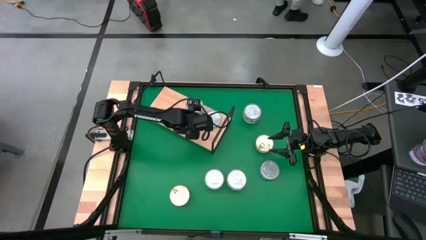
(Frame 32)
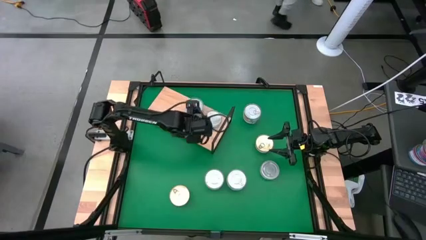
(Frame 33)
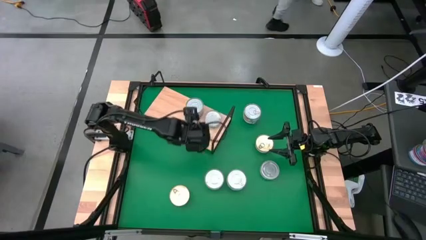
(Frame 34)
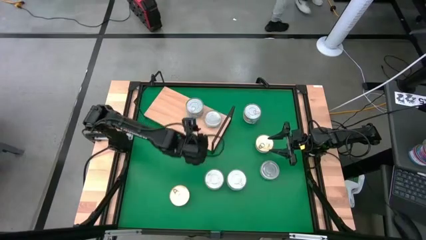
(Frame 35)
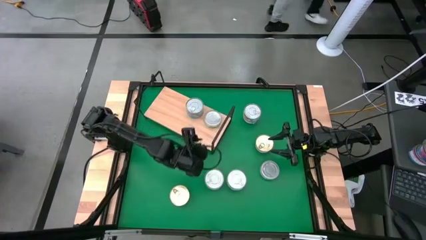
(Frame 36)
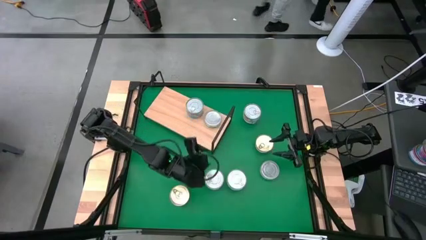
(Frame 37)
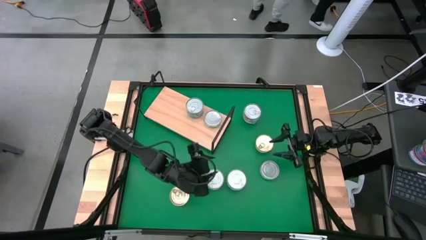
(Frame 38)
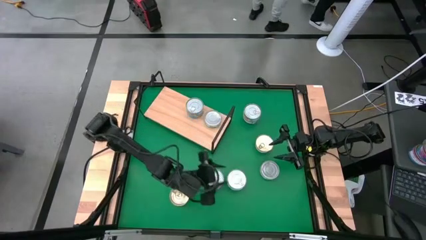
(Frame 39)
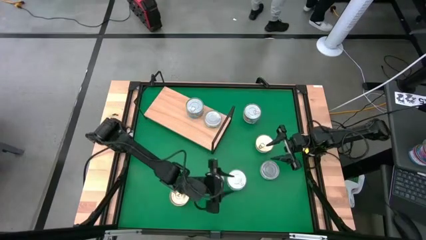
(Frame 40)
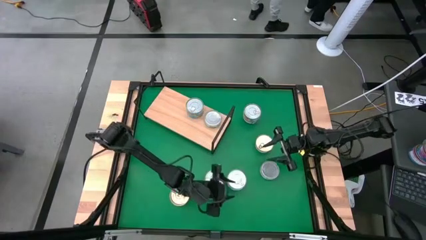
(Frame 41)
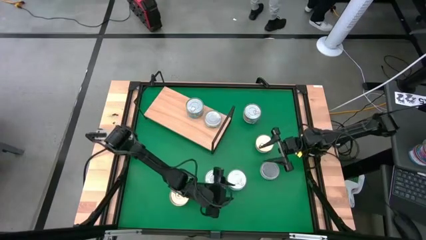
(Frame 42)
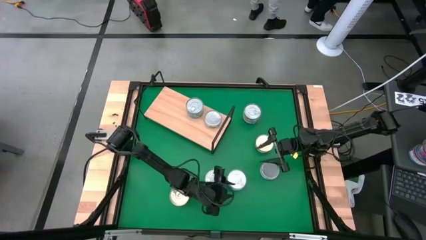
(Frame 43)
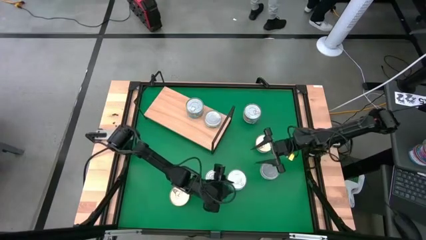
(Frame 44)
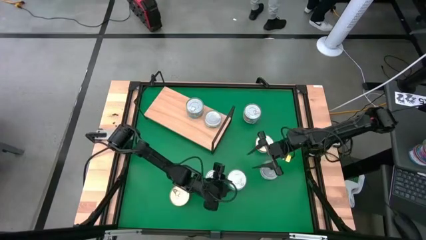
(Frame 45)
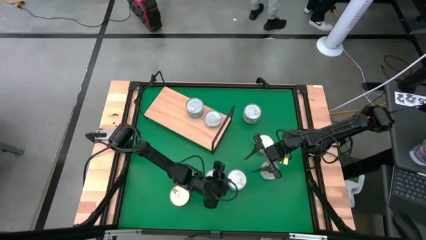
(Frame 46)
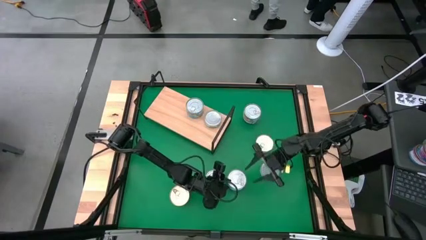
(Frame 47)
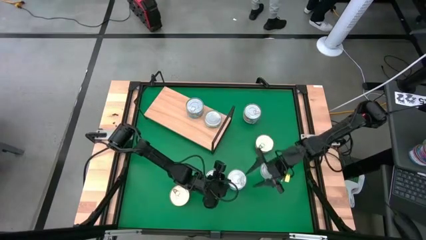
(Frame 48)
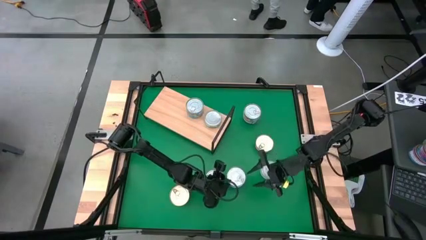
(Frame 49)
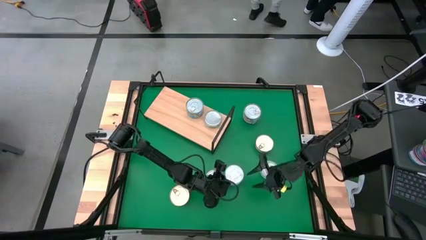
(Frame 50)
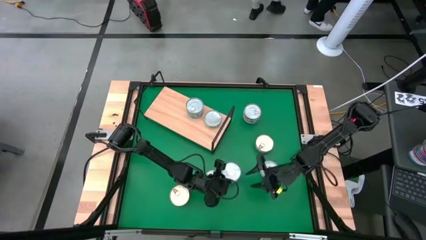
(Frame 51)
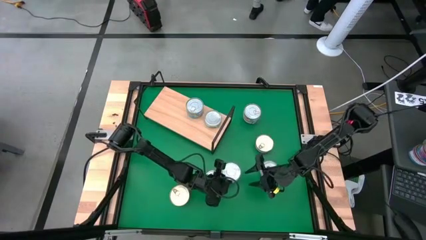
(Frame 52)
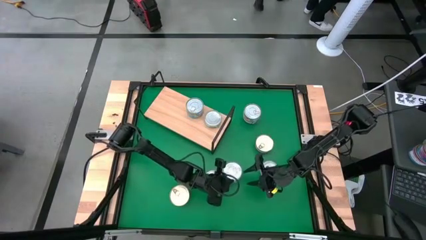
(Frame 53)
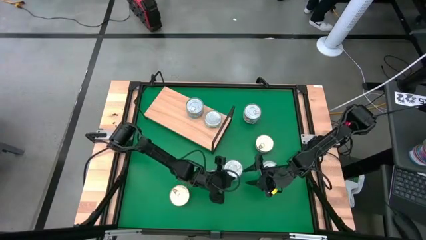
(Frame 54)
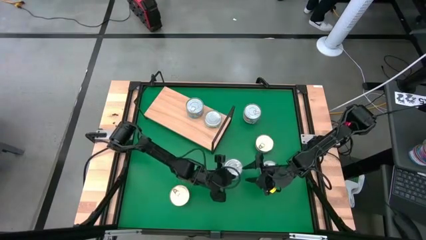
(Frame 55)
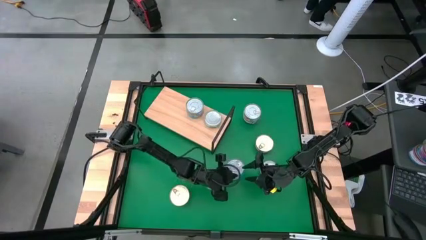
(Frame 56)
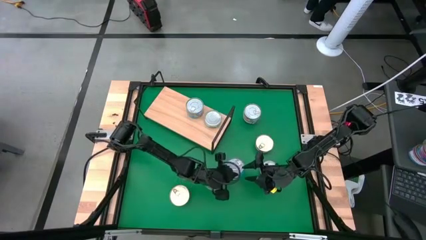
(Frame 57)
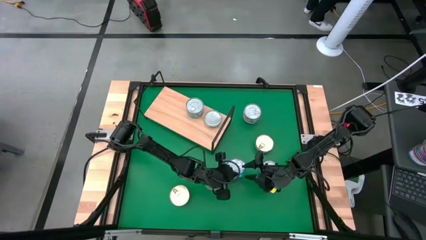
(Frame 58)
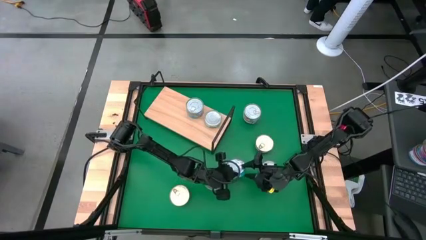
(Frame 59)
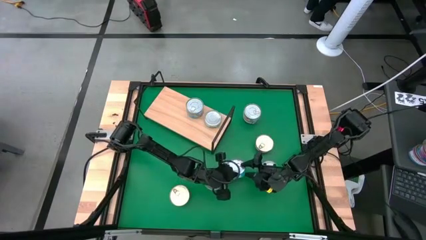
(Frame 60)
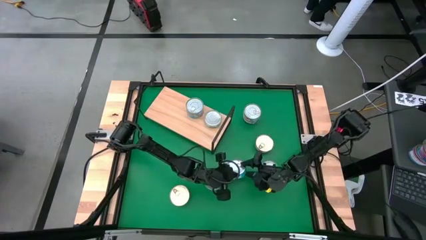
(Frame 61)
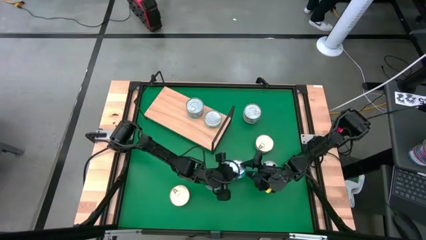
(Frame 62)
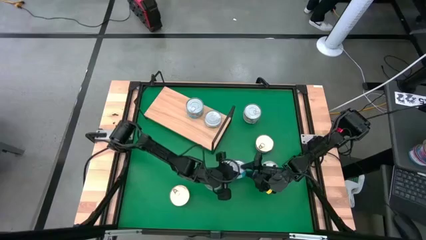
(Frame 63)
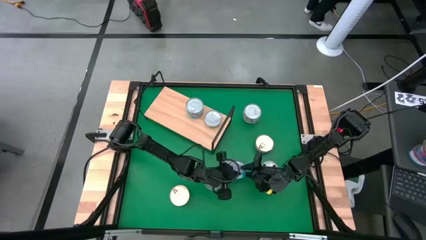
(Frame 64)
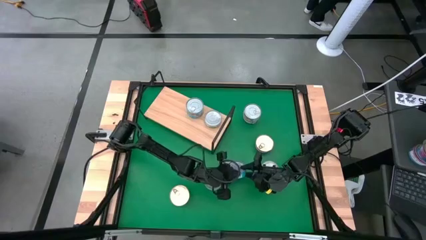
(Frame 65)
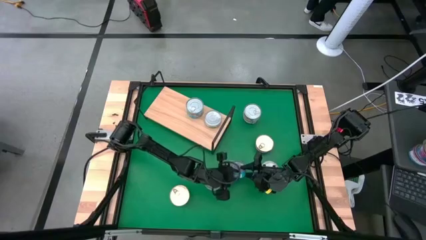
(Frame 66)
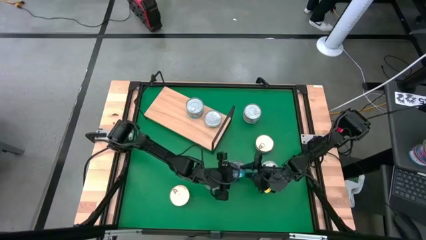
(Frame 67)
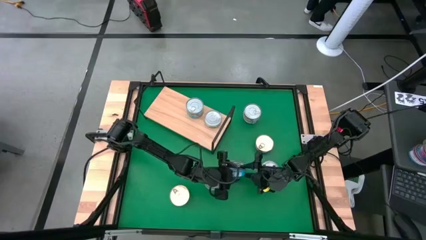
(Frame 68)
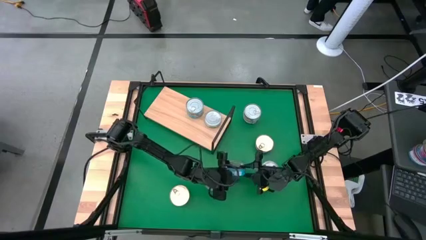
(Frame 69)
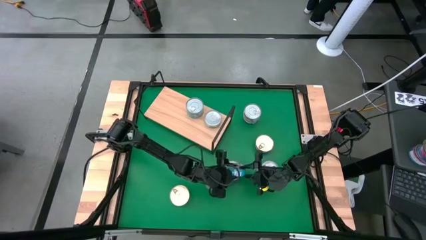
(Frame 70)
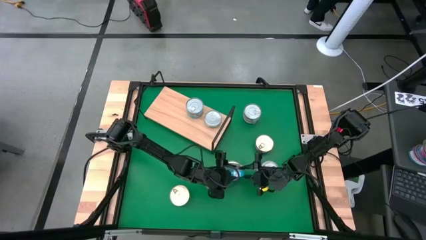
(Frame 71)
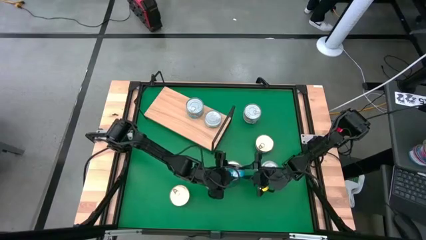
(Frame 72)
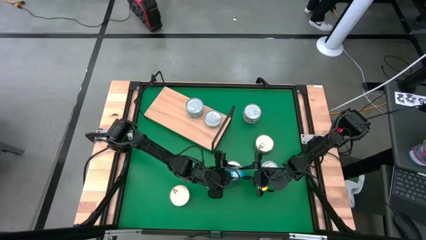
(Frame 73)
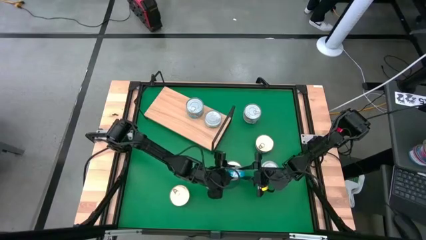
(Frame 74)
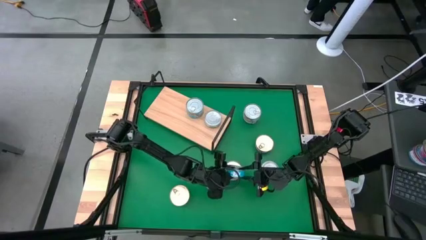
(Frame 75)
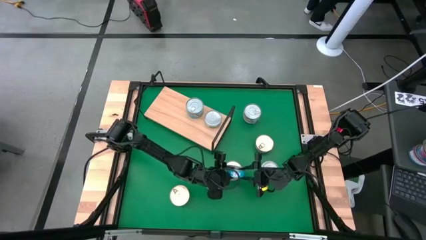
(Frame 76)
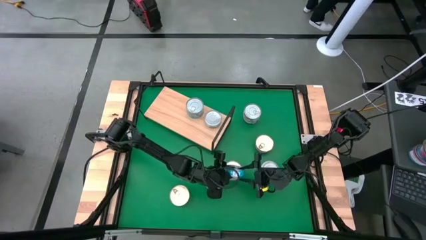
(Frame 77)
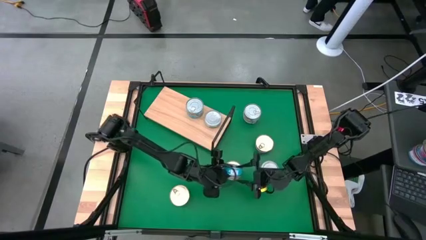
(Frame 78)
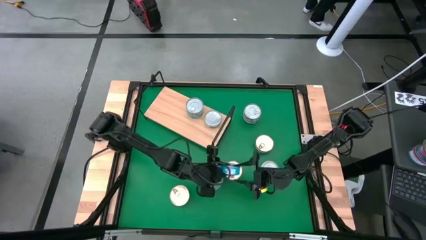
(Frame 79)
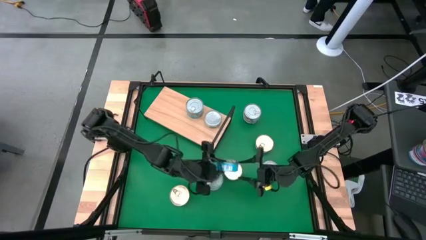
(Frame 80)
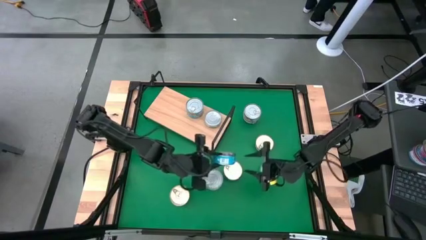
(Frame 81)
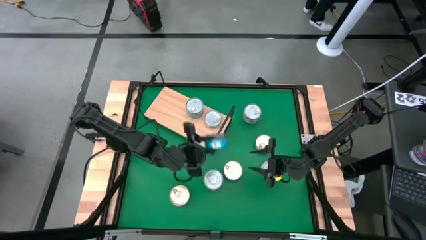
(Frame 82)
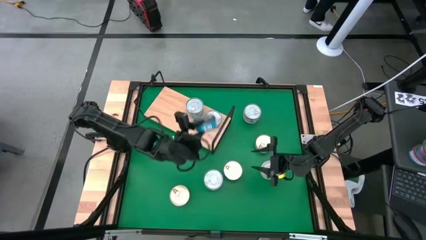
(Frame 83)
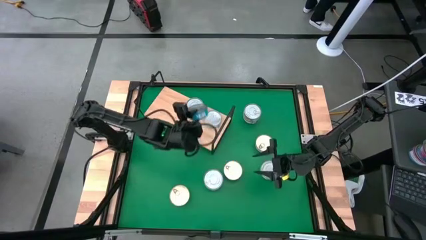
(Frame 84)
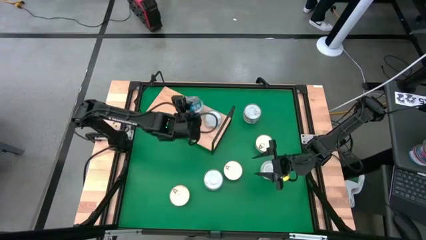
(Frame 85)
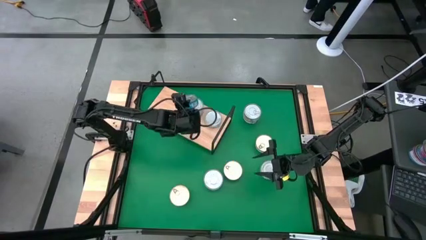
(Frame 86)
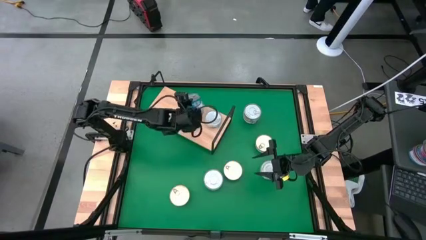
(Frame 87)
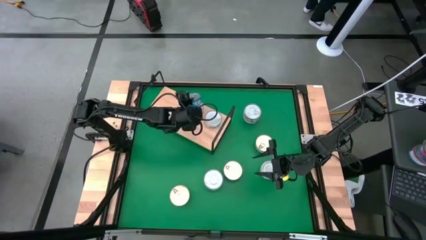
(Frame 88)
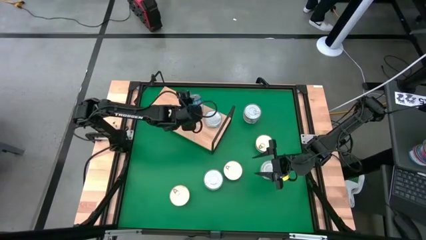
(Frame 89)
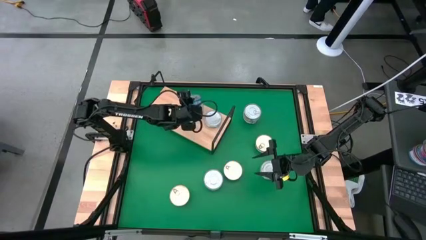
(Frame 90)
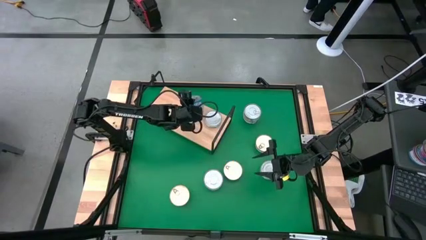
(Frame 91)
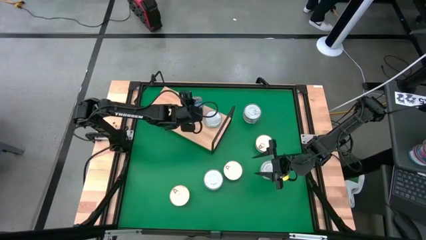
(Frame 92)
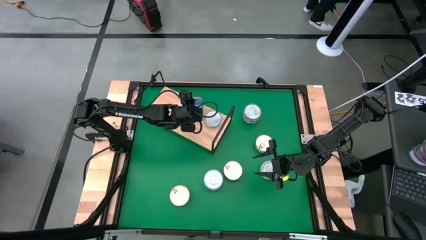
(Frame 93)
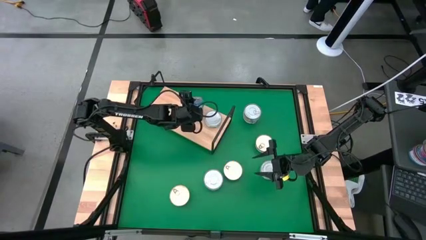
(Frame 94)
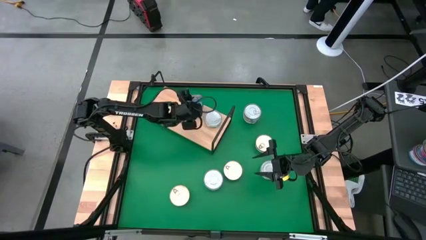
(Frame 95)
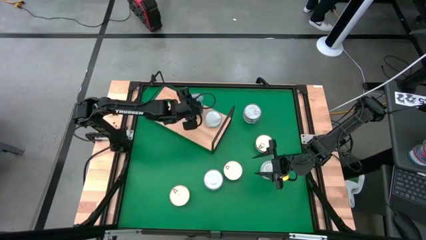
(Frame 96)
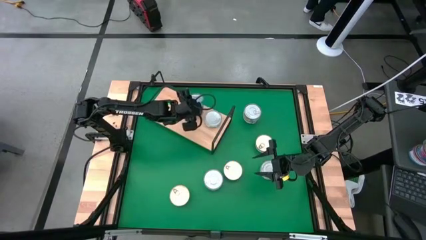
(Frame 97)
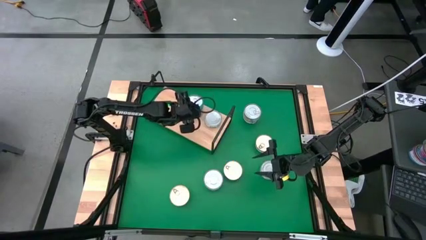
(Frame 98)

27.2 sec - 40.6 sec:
Task: Stack canned seafood by type on shelf
Stack the sky blue tuna can on top of the sky blue tuna can

——

• Aim of the task
Would you retype every line shown above exactly, leaving the pictures aside?

• Answer
(Frame 32)
(Frame 33)
(Frame 34)
(Frame 35)
(Frame 36)
(Frame 37)
(Frame 38)
(Frame 39)
(Frame 40)
(Frame 41)
(Frame 42)
(Frame 43)
(Frame 44)
(Frame 45)
(Frame 46)
(Frame 47)
(Frame 48)
(Frame 49)
(Frame 50)
(Frame 51)
(Frame 52)
(Frame 53)
(Frame 54)
(Frame 55)
(Frame 56)
(Frame 57)
(Frame 58)
(Frame 59)
(Frame 60)
(Frame 61)
(Frame 62)
(Frame 63)
(Frame 64)
(Frame 65)
(Frame 66)
(Frame 67)
(Frame 68)
(Frame 69)
(Frame 70)
(Frame 71)
(Frame 72)
(Frame 73)
(Frame 74)
(Frame 75)
(Frame 76)
(Frame 77)
(Frame 78)
(Frame 79)
(Frame 80)
(Frame 81)
(Frame 82)
(Frame 83)
(Frame 84)
(Frame 85)
(Frame 86)
(Frame 87)
(Frame 88)
(Frame 89)
(Frame 90)
(Frame 91)
(Frame 92)
(Frame 93)
(Frame 94)
(Frame 95)
(Frame 96)
(Frame 97)
(Frame 98)

27.2 sec - 40.6 sec:
Task: Stack canned seafood by type on shelf
Stack the sky blue tuna can on top of the sky blue tuna can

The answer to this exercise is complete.